### BRIEF
Go to the line containing "Pleural effusion, left: 2" in the records below and print it and every following line exactly, on through the line containing "Atelectasis, left: 2", then stop.

### STUDY MATERIAL
• • • • •
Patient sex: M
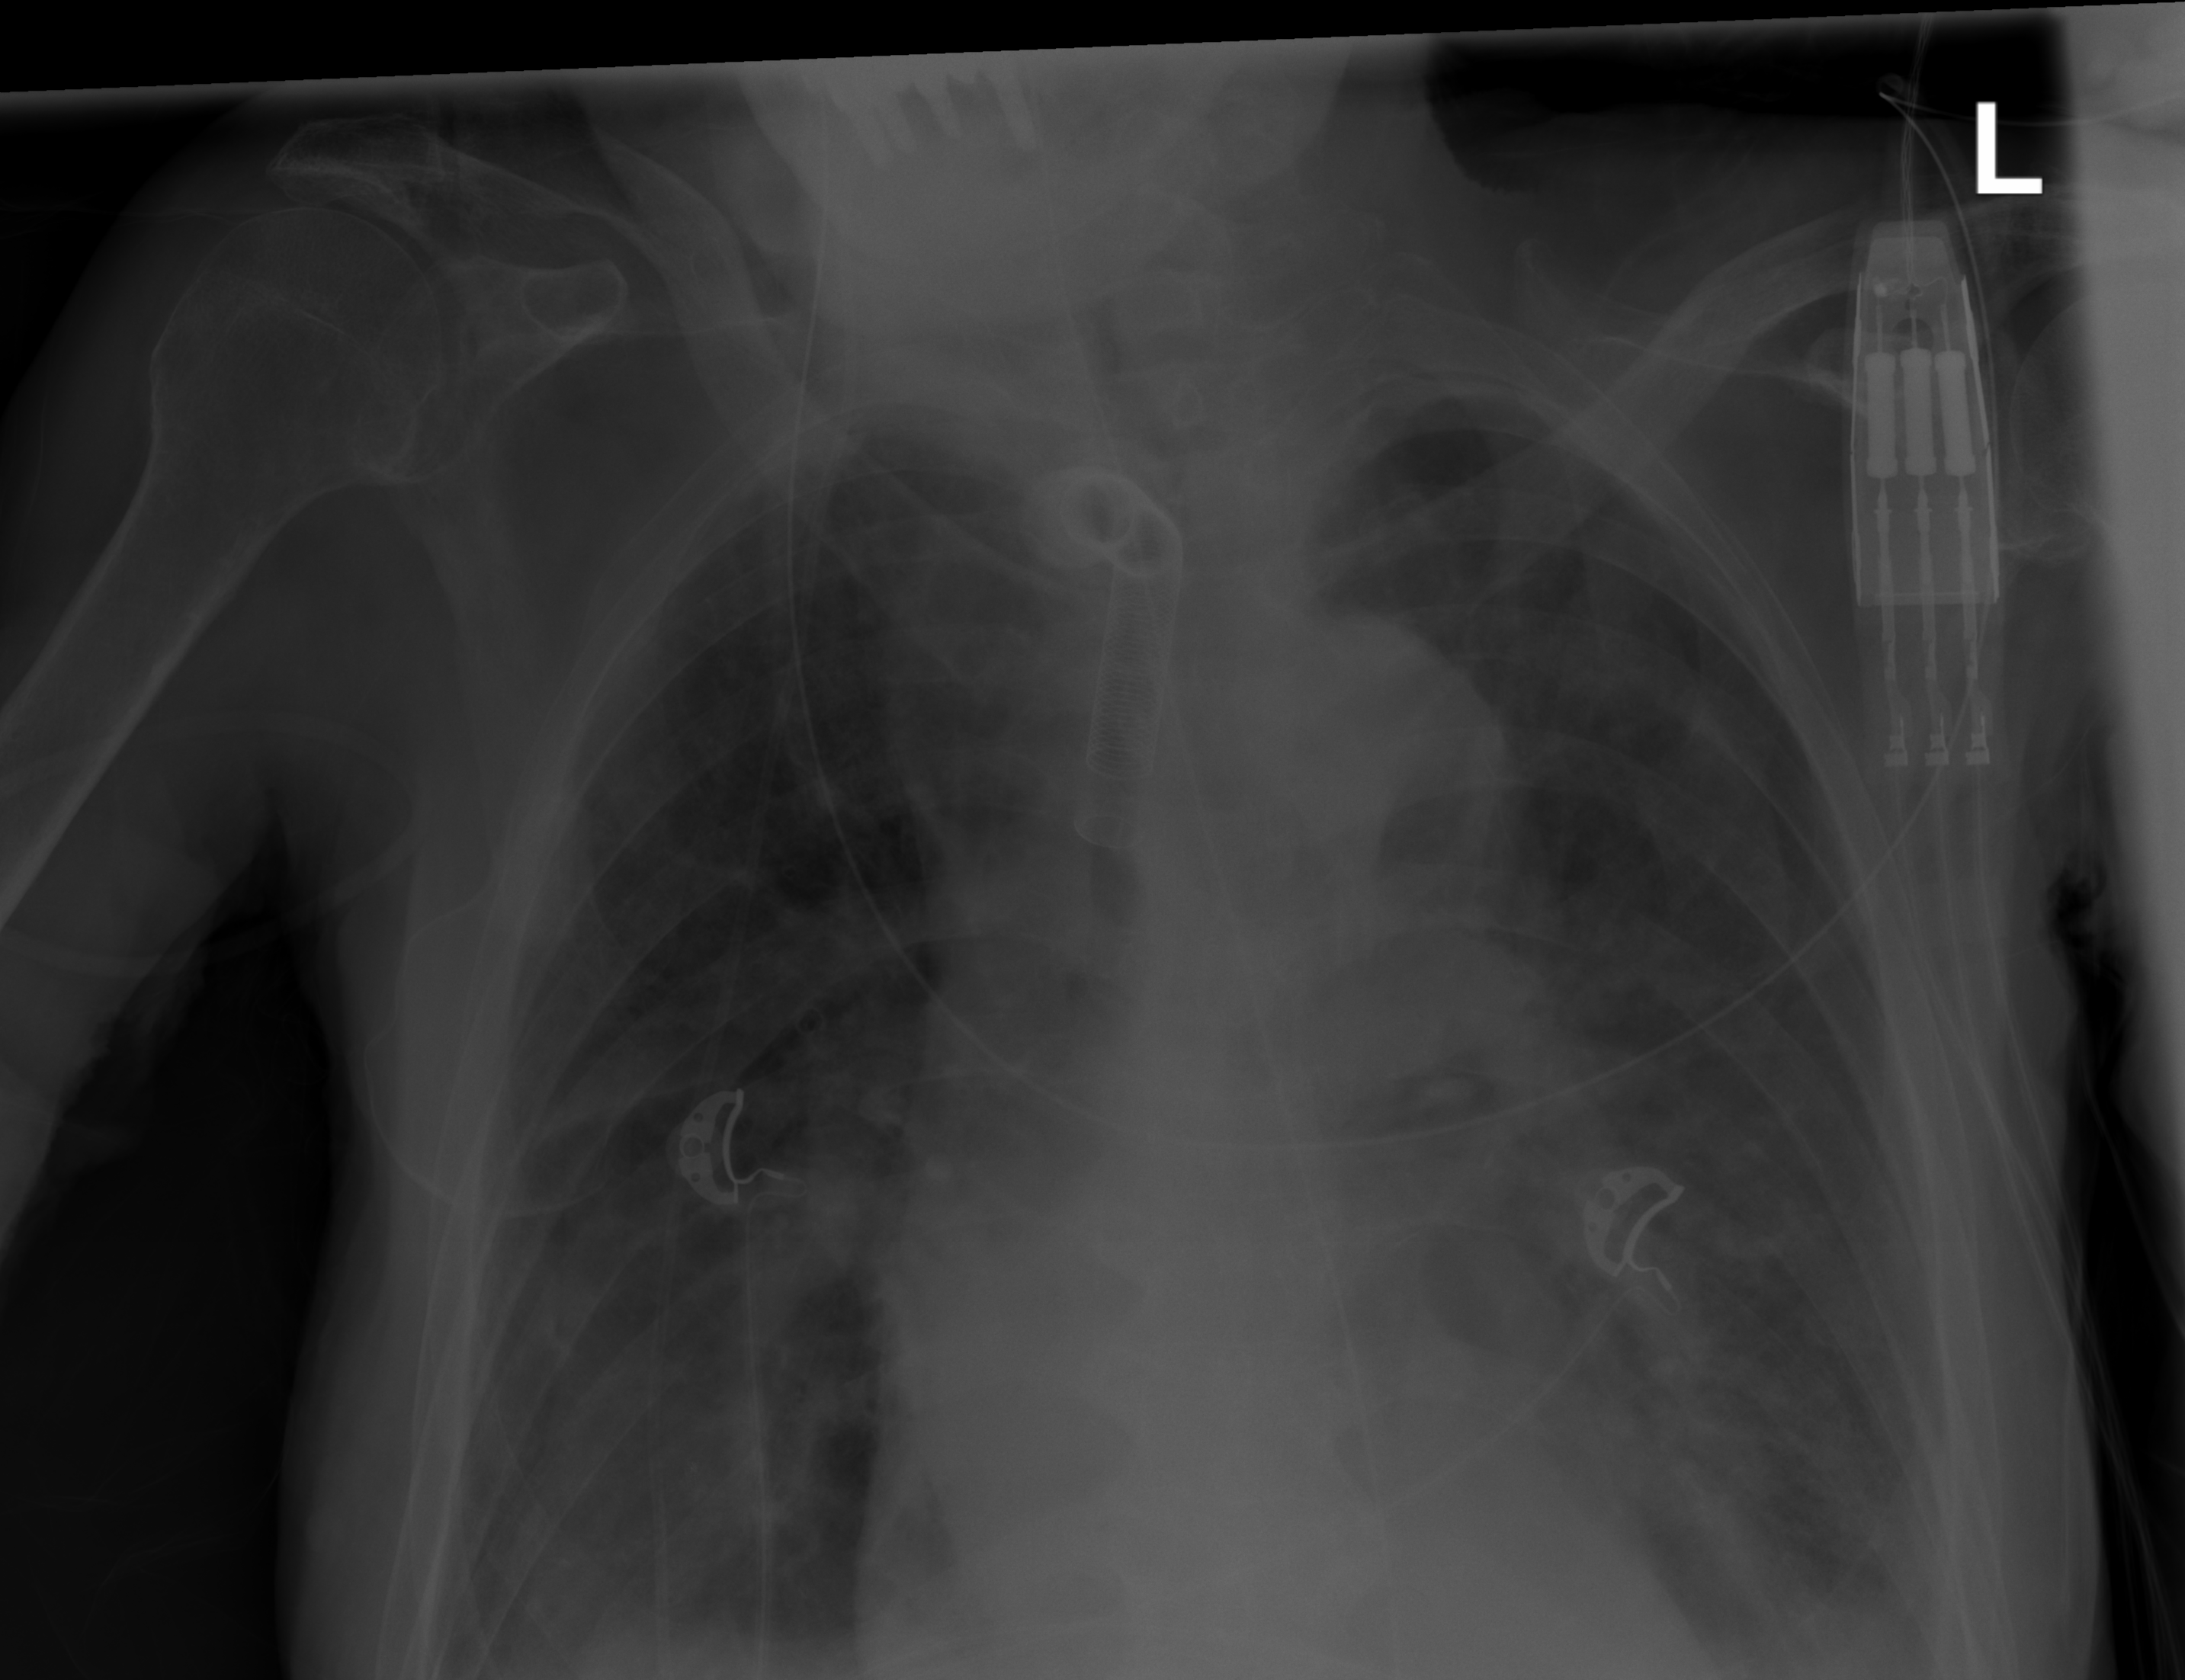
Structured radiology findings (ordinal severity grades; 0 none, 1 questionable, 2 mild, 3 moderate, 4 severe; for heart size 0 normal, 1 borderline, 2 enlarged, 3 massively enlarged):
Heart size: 0
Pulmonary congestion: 0
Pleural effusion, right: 2
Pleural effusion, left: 2
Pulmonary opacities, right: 2
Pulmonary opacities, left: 2
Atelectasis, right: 2
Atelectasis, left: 2
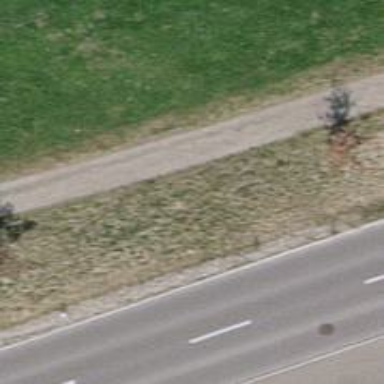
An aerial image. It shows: Abandoned railway track with grade3 tracktype.
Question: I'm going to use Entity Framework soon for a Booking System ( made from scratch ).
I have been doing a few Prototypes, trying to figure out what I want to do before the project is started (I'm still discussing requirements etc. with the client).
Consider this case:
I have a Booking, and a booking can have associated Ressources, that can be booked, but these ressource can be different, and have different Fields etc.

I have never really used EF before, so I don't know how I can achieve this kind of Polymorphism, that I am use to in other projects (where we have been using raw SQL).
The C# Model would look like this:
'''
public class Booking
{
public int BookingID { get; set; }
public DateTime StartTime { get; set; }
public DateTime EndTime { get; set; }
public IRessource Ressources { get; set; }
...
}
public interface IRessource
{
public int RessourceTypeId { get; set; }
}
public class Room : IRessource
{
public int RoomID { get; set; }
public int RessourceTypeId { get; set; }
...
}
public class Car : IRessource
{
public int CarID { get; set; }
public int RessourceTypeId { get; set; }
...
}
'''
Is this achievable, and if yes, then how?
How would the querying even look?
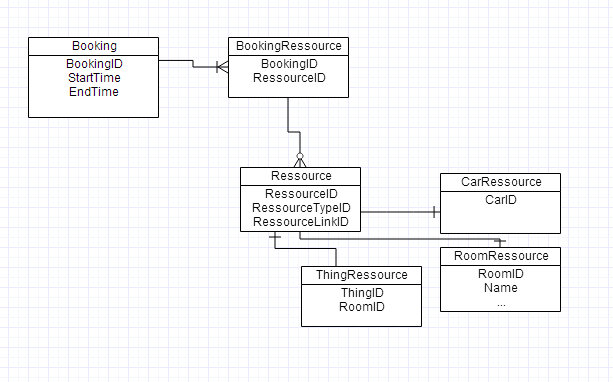
Answer: It sounds like you really want a <URL>.
Here are some links:
- <URL>
I highly recommend you go through some of these links on your own, but the main point to extract is that you use something like:
'''
modelBuilder.Entity<IRessource>().ToTable("IRessources");
modelBuilder.Entity<Room>().ToTable("Rooms");
modelBuilder.Entity<Car>().ToTable("Cars");
'''
Both of which inherit from 'IRessource' in your demonstrated code above. Then, you can do a join between these individual tables and the central 'IRessource' table to get all of the information pertaining to the individual entities.
Something like: 'SELECT * FROM IRessource i JOIN Room r ON i.id == r.id'
However, you'll often times find that if you use a 'Web API' controller, if you just pull the entire 'Room' POCO, you'll get all of its properties at once without the join at all!
---
In my experience, I've also found that typically things go smoother if you because if you do, you'll have to make Data Transfer Objects (DTOs) to transfer data occasionally since you can't instantiate objects of those types. Things can get a little bit messy -- especially if you're not sure exactly what you're doing. To help you understand, think of a controller with which you want to pass in a generic 'IRressource' -- it'll try to convert those objects as it receives them into one which can't be instantiated. Bummer! So, the easy solution is just to make both the base class and the inherited classes normal classes.
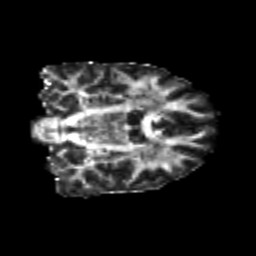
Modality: FA
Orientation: coronal
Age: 20
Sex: female
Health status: healthy
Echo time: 0.074 s
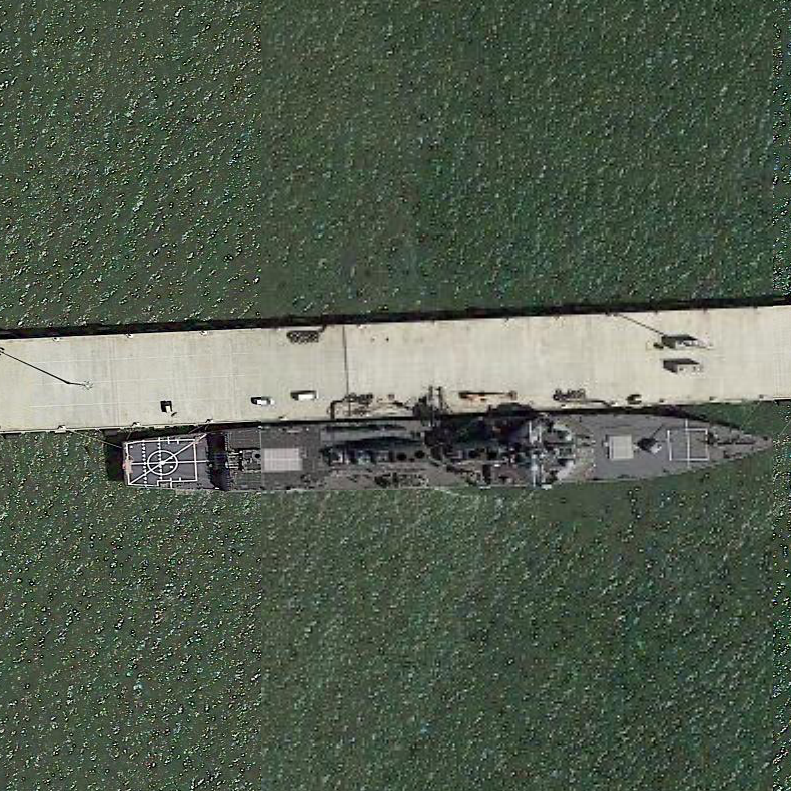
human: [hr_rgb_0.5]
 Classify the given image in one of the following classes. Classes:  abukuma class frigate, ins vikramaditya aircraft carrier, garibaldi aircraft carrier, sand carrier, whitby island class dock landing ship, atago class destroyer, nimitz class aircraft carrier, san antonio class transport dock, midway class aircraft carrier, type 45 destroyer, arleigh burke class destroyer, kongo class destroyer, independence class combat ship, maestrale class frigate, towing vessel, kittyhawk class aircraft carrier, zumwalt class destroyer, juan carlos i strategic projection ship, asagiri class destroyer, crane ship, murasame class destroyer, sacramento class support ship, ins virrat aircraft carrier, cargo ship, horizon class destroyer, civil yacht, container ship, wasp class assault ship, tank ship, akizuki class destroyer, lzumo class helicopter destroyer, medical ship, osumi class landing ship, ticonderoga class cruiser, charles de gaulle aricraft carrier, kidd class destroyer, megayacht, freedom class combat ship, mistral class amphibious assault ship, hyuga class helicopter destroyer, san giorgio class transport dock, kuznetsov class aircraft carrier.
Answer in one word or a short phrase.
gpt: Arleigh Burke class destroyer
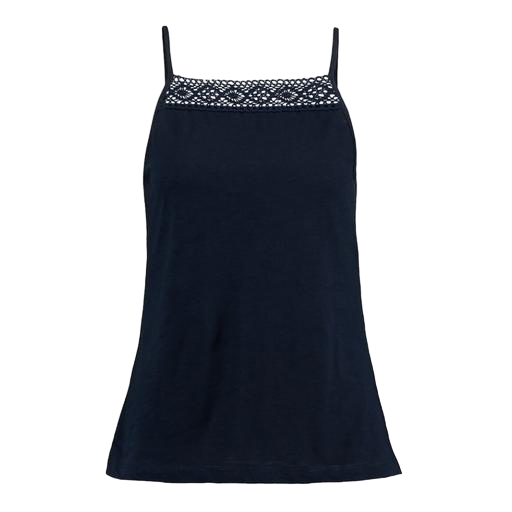
black geo embroidered cami, blue embroidered tank, blue women's cami, white background
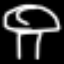
Label: mushroom
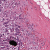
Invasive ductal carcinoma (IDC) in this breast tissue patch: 1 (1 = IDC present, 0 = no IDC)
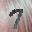
Label: 7
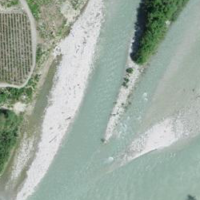
EUNIS habitat code: 47
Species observed at this site:
Erythranthe guttata
Melilotus albus
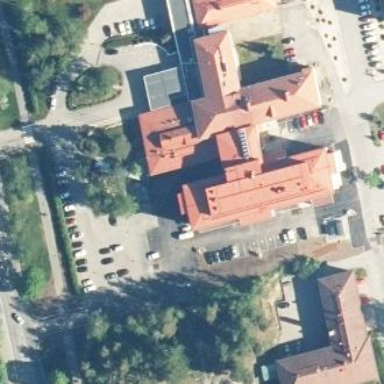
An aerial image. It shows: Hospital building.
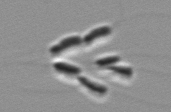
Label: Dinobryon
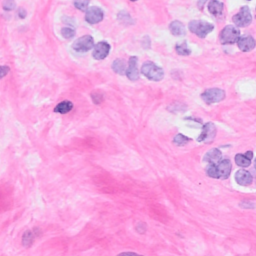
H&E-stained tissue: Breast
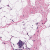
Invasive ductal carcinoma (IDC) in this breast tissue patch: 0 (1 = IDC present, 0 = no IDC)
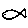
Label: fish
• • • • •
### EXERCISE RESPONSE
Pleural effusion, left: 2
Pulmonary opacities, right: 2
Pulmonary opacities, left: 2
Atelectasis, right: 2
Atelectasis, left: 2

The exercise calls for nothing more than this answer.